Pero anteayer, cuando apareció una gatita desconocida trayendo en la boca a dos preciosos cachorritos que justo acabarían de abrir los ojos, dijeron basta, “hasta aquí podíamos llegar”. Preguntando entre las cuatro viviendas de los alrededores, que están aisladas como la nuestra y la más cercana quedará a doscientos metros, descubrieron de dónde habían venido los recién llegados y los llevaron de vuelta a la casa.

Intento fallido, pues a la mañana siguiente regresó la gata acarreando de nuevo a sus hijitos, y aquí siguen.

En lo único que los hermosos y abigarrados gatos malayos no acaban de rozar la perfección es en sus ridículas colas, deformes y a veces incluso atrofiadas. Un buen ejemplo de ello es Songkran, el gato que los amigos valencianos adoptaron en una isla del archipiélago de Langkawi y ha viajado por medio mundo con ellos, que tiene el final de la cola retorcido como la empuñadura de un paraguas.

A mí me encantan los animales en general, pero siento una especial simpatía por los gatos a pesar de que acaban innecesariamente con todo bicho viviente.

Ya mencioné con anterioridad que, junto con los humanos y los delfines, los gatos son los únicos animales aficionados a matar; algo que, al contrario que las panteras como el tigre, el león o el leopardo, harán aunque tengan el estómago lleno: en Sauraha, Nepal, un turista se dio de bruces con un tigre, pero el lindo gatito, tras echarle una mirada, siguió tranquilamente su camino.

Creo recordar que, cuando hace varios años escribí también acerca de los gatos en una de estas crónicas, me replicó un lector “antigatos” culpándolos de la extinción de diferentes animales. Pero yo, a pesar de aceptar que pueda ser así, soy un cronista y me limito a contar lo que veo sin juzgar ni, por supuesto condenar, vicios de los que afortunadamente me libré hace tiempo.

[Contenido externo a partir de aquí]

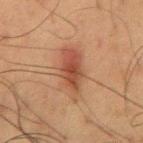follow-up — catalogued during a skin exam; not biopsied
lighting — cross-polarized illumination
image-analysis metrics — a footprint of about 13 mm² and a shape eccentricity near 0.9; a mean CIELAB color near L≈39 a*≈20 b*≈26, roughly 8 lightness units darker than nearby skin, and a lesion-to-skin contrast of about 7.5 (normalized; higher = more distinct); an automated nevus-likeness rating near 90 out of 100
patient — male, in their 60s
acquisition — ~15 mm tile from a whole-body skin photo
lesion diameter — ~6.5 mm (longest diameter)
anatomic site — the back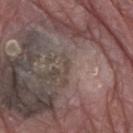site: the right upper arm | TBP lesion metrics: a footprint of about 1 mm² and a symmetry-axis asymmetry near 0.55; a border-irregularity index near 5/10; an automated nevus-likeness rating near 0 out of 100 and a lesion-detection confidence of about 0/100 | size: ~1.5 mm (longest diameter) | lighting: white-light | subject: male, aged 78 to 82 | imaging modality: ~15 mm crop, total-body skin-cancer survey.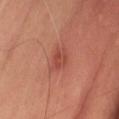follow-up=imaged on a skin check; not biopsied
illumination=cross-polarized
body site=the right thigh
patient=about 65 years old
acquisition=~15 mm tile from a whole-body skin photo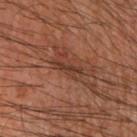Captured during whole-body skin photography for melanoma surveillance; the lesion was not biopsied. The patient is a male about 60 years old. The lesion's longest dimension is about 3.5 mm. On the right forearm. Automated image analysis of the tile measured a footprint of about 3.5 mm² and an outline eccentricity of about 0.95 (0 = round, 1 = elongated). The software also gave an automated nevus-likeness rating near 0 out of 100 and a lesion-detection confidence of about 50/100. A roughly 15 mm field-of-view crop from a total-body skin photograph. Captured under cross-polarized illumination.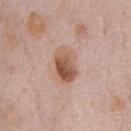| field | value |
|---|---|
| follow-up | catalogued during a skin exam; not biopsied |
| subject | male, aged 58 to 62 |
| automated lesion analysis | a lesion color around L≈56 a*≈20 b*≈30 in CIELAB, about 12 CIELAB-L* units darker than the surrounding skin, and a normalized lesion–skin contrast near 9 |
| location | the chest |
| image source | total-body-photography crop, ~15 mm field of view |
| lesion size | ~4.5 mm (longest diameter) |
| illumination | white-light illumination |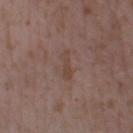This lesion was catalogued during total-body skin photography and was not selected for biopsy.
An algorithmic analysis of the crop reported an area of roughly 3.5 mm² and two-axis asymmetry of about 0.35. And it measured border irregularity of about 4.5 on a 0–10 scale and peripheral color asymmetry of about 0.
The patient is a female about 35 years old.
Approximately 3.5 mm at its widest.
The lesion is located on the right forearm.
Captured under white-light illumination.
Cropped from a whole-body photographic skin survey; the tile spans about 15 mm.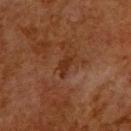Assessment: Recorded during total-body skin imaging; not selected for excision or biopsy. Image and clinical context: This is a cross-polarized tile. A 15 mm close-up extracted from a 3D total-body photography capture. From the upper back. The patient is a male aged around 65.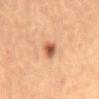This lesion was catalogued during total-body skin photography and was not selected for biopsy. A 15 mm close-up extracted from a 3D total-body photography capture. Longest diameter approximately 2.5 mm. Located on the back. Automated image analysis of the tile measured a classifier nevus-likeness of about 95/100. A male subject, aged around 55.
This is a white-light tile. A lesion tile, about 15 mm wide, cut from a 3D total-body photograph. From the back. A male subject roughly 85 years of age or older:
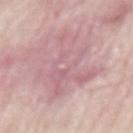diagnosis:
  histopathology: superficial basal cell carcinoma
  malignancy: malignant
  taxonomic_path:
    - Malignant
    - Malignant adnexal epithelial proliferations - Follicular
    - Basal cell carcinoma
    - Basal cell carcinoma, Superficial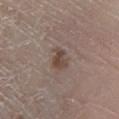Impression:
Captured during whole-body skin photography for melanoma surveillance; the lesion was not biopsied.
Background:
From the right lower leg. A male patient, about 65 years old. The total-body-photography lesion software estimated two-axis asymmetry of about 0.3. And it measured a lesion color around L≈44 a*≈15 b*≈23 in CIELAB, roughly 9 lightness units darker than nearby skin, and a normalized border contrast of about 7.5. The software also gave a color-variation rating of about 3.5/10 and radial color variation of about 1. A close-up tile cropped from a whole-body skin photograph, about 15 mm across. The tile uses white-light illumination.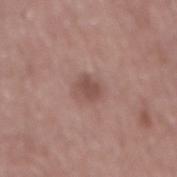Clinical impression:
Part of a total-body skin-imaging series; this lesion was reviewed on a skin check and was not flagged for biopsy.
Acquisition and patient details:
A region of skin cropped from a whole-body photographic capture, roughly 15 mm wide. A male subject aged approximately 60. This is a white-light tile. On the mid back.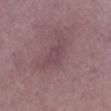notes: no biopsy performed (imaged during a skin exam) | lesion diameter: about 3 mm | TBP lesion metrics: an area of roughly 4.5 mm², an outline eccentricity of about 0.75 (0 = round, 1 = elongated), and two-axis asymmetry of about 0.3; a mean CIELAB color near L≈44 a*≈20 b*≈13 and a lesion-to-skin contrast of about 4.5 (normalized; higher = more distinct); a border-irregularity rating of about 3/10, internal color variation of about 1.5 on a 0–10 scale, and peripheral color asymmetry of about 0.5 | acquisition: 15 mm crop, total-body photography | lighting: white-light | location: the right lower leg | patient: female, about 60 years old.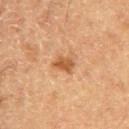workup: catalogued during a skin exam; not biopsied
subject: male, about 60 years old
size: ~2.5 mm (longest diameter)
lighting: cross-polarized
image source: ~15 mm tile from a whole-body skin photo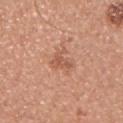A lesion tile, about 15 mm wide, cut from a 3D total-body photograph. Located on the chest. A male subject approximately 30 years of age.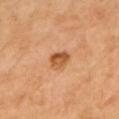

Esa opinión negativa acerca de los gatos tiene más sentido en el caso de los brahmanes de la India y el Nepal, pues son vegetarianos y se horrorizan ante cualquier tipo de derramamiento de sangre.

Las que no se asuntan de los gatos aquí en la Park Lodge, e incluso se mofan de ellos desde las ramas de los árboles, por donde galopan a toda hostia y pegan largos saltos dignos de trapecistas circenses, son las ardillas. Hay un gran número de ellas, y yo tengo continuamente constancia de su presencia porque les gusta mucho la fruta silvestre del árbol que da sombra a mi cabaña de madera.

Aparte de oírlas correr sobre el tejado de zinc, éste resuena, ¡bong!, cada vez que dejan caer alguno de esos frutos. Ya sabemos que la primavera la sangre altera, y ahora las simpáticas ardillas han multiplicado sus correrías debido a ciertos pecaminosos fines que no hará falta mencionar.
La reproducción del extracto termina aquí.